By BARBARA WINTHER
For the Review
If you drive east on Day Road to Suyematsu’s farm, where the berry and vegetable stand operates, you will see the Hoskinson/Pratt Water Tower, a tall, red-shingled building. It stands there because the City of Bainbridge Island and its Historic Preservation Commission (HPC) saved it. Why and how was this done?
Pioneer Riley M. Hoskinson came to Bainbridge Island in 1878, homesteading 160 acres in the middle of present-day Winslow (Madrone until 1903).
Around 1892, on the northeast corner of today’s Wyatt and Madison avenues, Riley’s son, William, built a home. In 1907 he sold the property to John Robinson Pratt and his wife, Ella Mae. According to their son, Carl, the family erected the water tower in 1912; Carl’s daughters remember playing dress-up in its base and fetching preserves stored there.
Eventually the property was sold again.
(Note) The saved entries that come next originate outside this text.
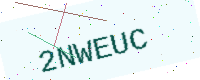
Text: 2NWEUC
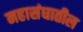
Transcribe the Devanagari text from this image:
महासंघातील
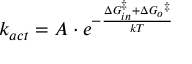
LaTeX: k _ { a c t } = A \cdot e ^ { - { \frac { \Delta { G _ { i n } ^ { \ddagger } } + \Delta { G _ { o } } ^ { \ddagger } } { k T } } }
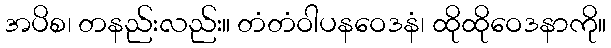
အပိစ၊ တနည်းလည်း။ တံတံဝါပနဝေဒနံ၊ ထိုထိုဝေဒနာကို။
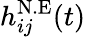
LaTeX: h_{ij}^{\mathrm{N.E}}(t)
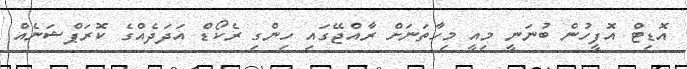
އޮޑިޓް އޮފީހުން ބުނަނީ މިއީ މިހާތަނަށް ރާއްޖޭގައި ހިންގި ރެކޯޑް އަދަދެއްގެ ކޮރަޕްޝަނެއް
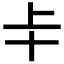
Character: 𠦀
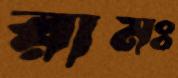
রামঃ
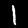
Digit: 1
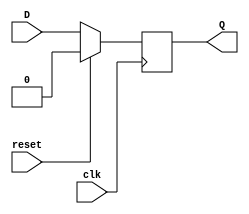
module DFF (
    input wire clk,
    input wire reset,
    input wire D,
    output reg Q
);

always @(posedge clk) begin
    if (reset) begin
        Q <= 1'b0;
    end else begin
        Q <= D;
    end
end

endmodule
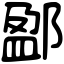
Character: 𨜏
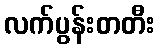
လက်ပွန်းတတီး
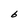
Character: 6
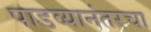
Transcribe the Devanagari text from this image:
पाडव्यानंतरचा
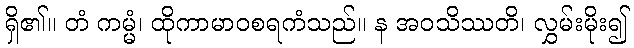
ရှိ၏။ တံ ကမ္မံ၊ ထိုကာမာဝစရကံသည်။ န အဝသိဿတိ၊ လွှမ်းမိုး၍
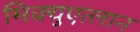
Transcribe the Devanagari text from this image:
मिक्युएत्लान
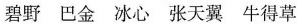
碧野 巴金 冰心 张天翼 牛得草
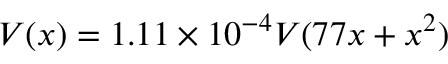
V ( x ) = 1 . 1 1 \times 1 0 ^ { - 4 } V ( 7 7 x + x ^ { 2 } )
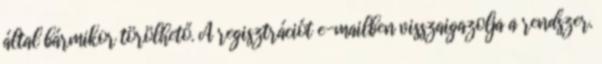
által bármikor törölhető. A regisztrációt e-mailben visszaigazolja a rendszer.
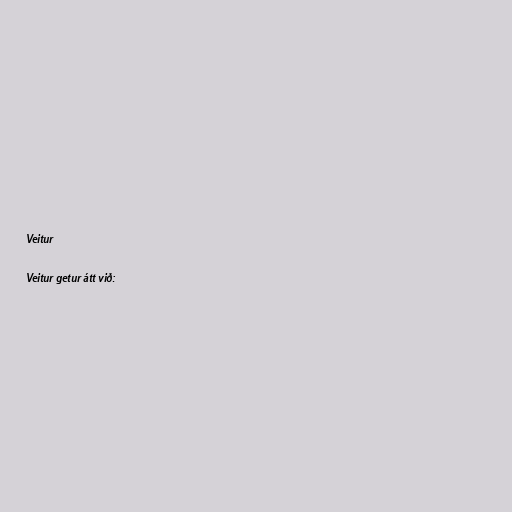
Veitur

Veitur getur átt við:
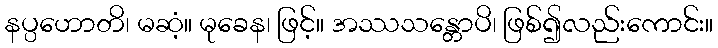
နပ္ပဟောတိ၊ မဆံ့။ မုခေန၊ ဖြင့်။ အဿသန္တောပိ၊ ဖြစ်၍လည်းကောင်း။
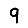
Digit: 9
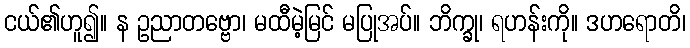
ငယ်၏ဟူ၍။ န ဥညာတဗ္ဗော၊ မထီမဲ့မြင် မပြုအပ်။ ဘိက္ခု၊ ရဟန်းကို။ ဒဟရောတိ၊
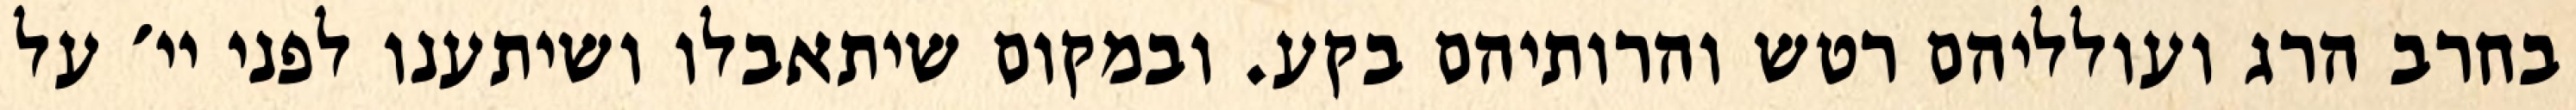
בחרב הרג ועולליהם רטש והרותיהם בקע. ובמקום שיתאבלו ושיתענו לפני יי׳ על
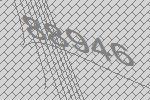
88946
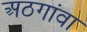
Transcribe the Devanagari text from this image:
अठगांवा
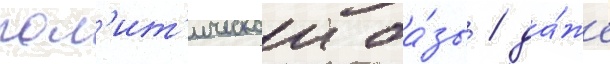
пол'ит'ическои ба́зы / да́же
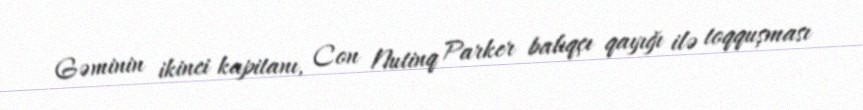
Gəminin ikinci kapitanı, Con Nutinq Parker balıqçı qayığı ilə toqquşması
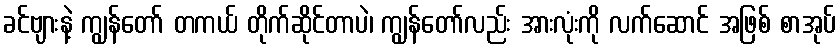
ခင်ဗျားနဲ့ ကျွန်တော် တကယ် တိုက်ဆိုင်တာပဲ၊ ကျွန်တော်လည်း အားလုံးကို လက်ဆောင် အဖြစ် စာအုပ်
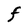
Character: F
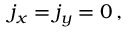
j _ { x } = j _ { y } = 0 \, ,
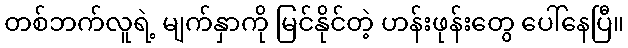
တစ်ဘက်လူရဲ့ မျက်နှာကို မြင်နိုင်တဲ့ ဟန်းဖုန်းတွေ ပေါ်နေပြီ။
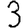
Digit: 3
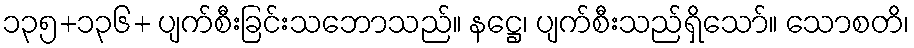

Over the years the home was used by business enterprises and the tower served various local artists as a studio. Unable to keep up with repairs, the owner, Marion Moriarty, sold the property to a developer who planned to build condos on the land.
In 2005 the developer offered the home and the water tower to anyone who would move them. Nobody took the house and it was torn down. However, after a structural analysis and advice from HPC, the city agreed to save the water tower.
Where on city property should it go? One idea was the vacant land at the corner of State Route 305 and Winslow Way. But the earth at the former Unocal site was still contaminated. Perhaps in the round-about on High School Road? No, it might be a trafic hazard. Beside City Hall? Not enough room. Next to the Farmer’s Market? It would limit space for farmers’ booths.
Then Linda Owens and Betsy Wittick of the Farmer’s Market Association suggested installing the tower on the city’s property on Day Road as a beacon for surrounding farms. Gerard Bentryn of the winery and Bart Berg of the Trust for Working Landscapes staked out a flat area.
The farmers were thrilled. Since Madrone/Winslow was an agricultural community in its early days and water towers were an integral part of farming, placing the historic tower in a similar setting was a reminder of the island’s roots.
The tower endured a hair-raising trip through the round-about and up SR-305 to its new home. Paul Storey and Roger Keys, lowest bidders for minimum restoration, poured the foundation, and after the tower was craned into place, secured the tower to it, reattached the top section, reroofed it and then built a new floor.
Realizing the city’s money shortage, they donated extra hours of work. The city’s maintenance department added missing shingles, repaired windows and installed the door (purchased at a Rotary Auction by a HPC member). Winslow Paint’s Mary Hall talked Cabot Company into giving paint and painter Vincent Fouchi donated his services to pressure wash and spray paint the tower.
Truly this was a COBI/HPC/community effort to save a significantly historical structure deeply embedded in our island’s past.
Barbara Winther was chair of the HPC during the water tower negotiations.